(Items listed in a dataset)
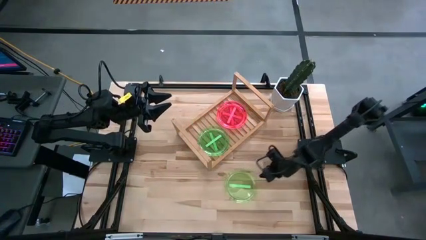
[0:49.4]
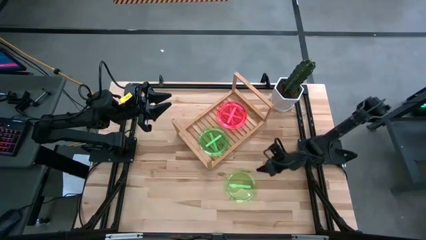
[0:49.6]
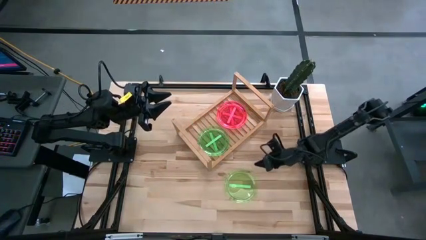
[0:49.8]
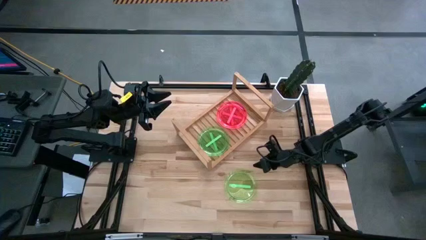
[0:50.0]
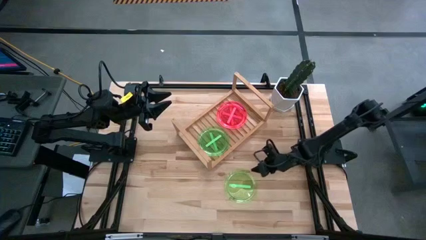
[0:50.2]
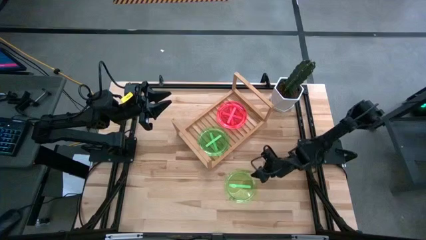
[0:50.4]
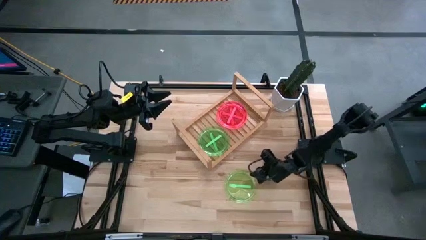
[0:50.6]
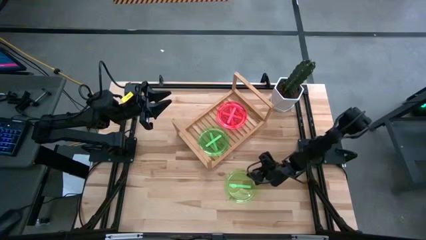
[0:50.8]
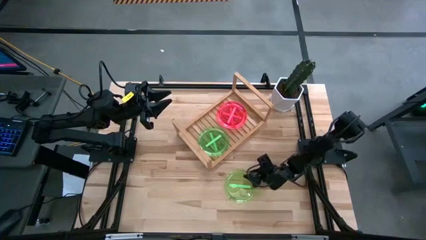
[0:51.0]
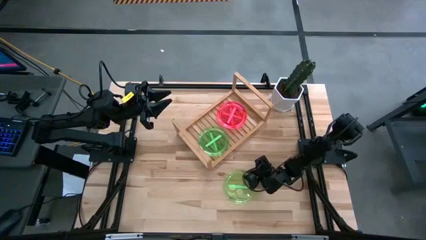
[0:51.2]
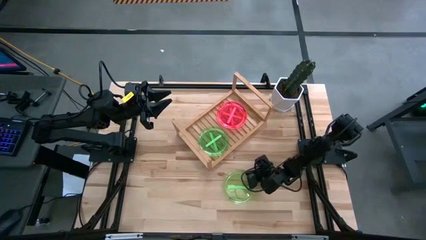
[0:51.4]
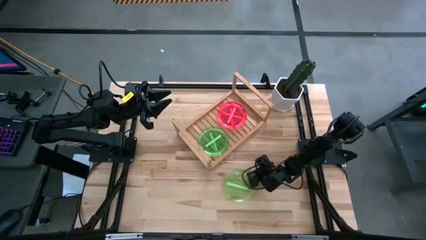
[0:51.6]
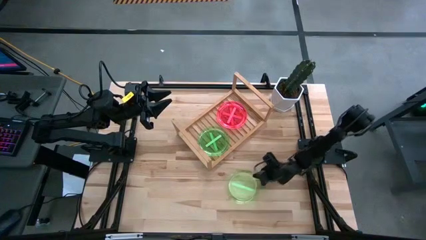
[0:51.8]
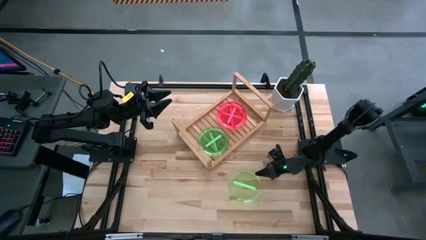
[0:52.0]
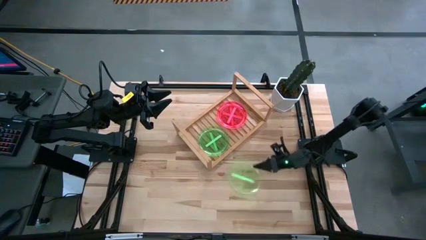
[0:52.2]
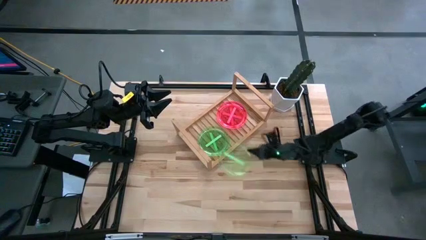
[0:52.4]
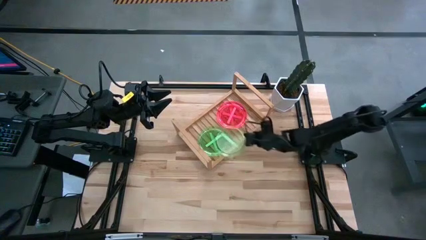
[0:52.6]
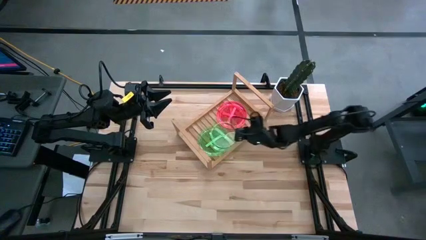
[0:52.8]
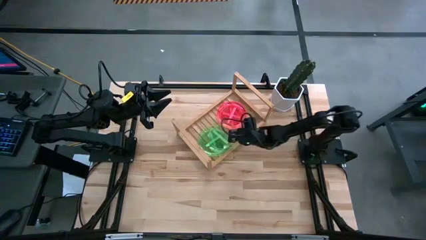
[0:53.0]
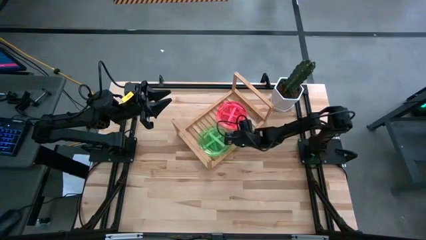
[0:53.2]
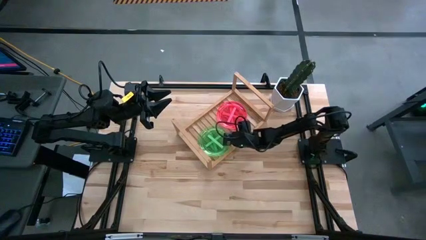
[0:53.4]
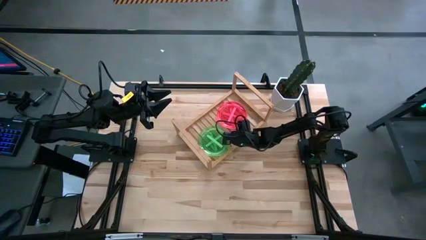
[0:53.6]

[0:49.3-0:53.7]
Task: Place and stack plates onto a shelf
Stack the green plate on top of the other green plates on the shelf

**What this task involves:** Excluding the pictures, restate the records above word for word.

**Answer area:**
[0:49.4]
[0:49.6]
[0:49.8]
[0:50.0]
[0:50.2]
[0:50.4]
[0:50.6]
[0:50.8]
[0:51.0]
[0:51.2]
[0:51.4]
[0:51.6]
[0:51.8]
[0:52.0]
[0:52.2]
[0:52.4]
[0:52.6]
[0:52.8]
[0:53.0]
[0:53.2]
[0:53.4]
[0:53.6]

[0:49.3-0:53.7]
Task: Place and stack plates onto a shelf
Stack the green plate on top of the other green plates on the shelf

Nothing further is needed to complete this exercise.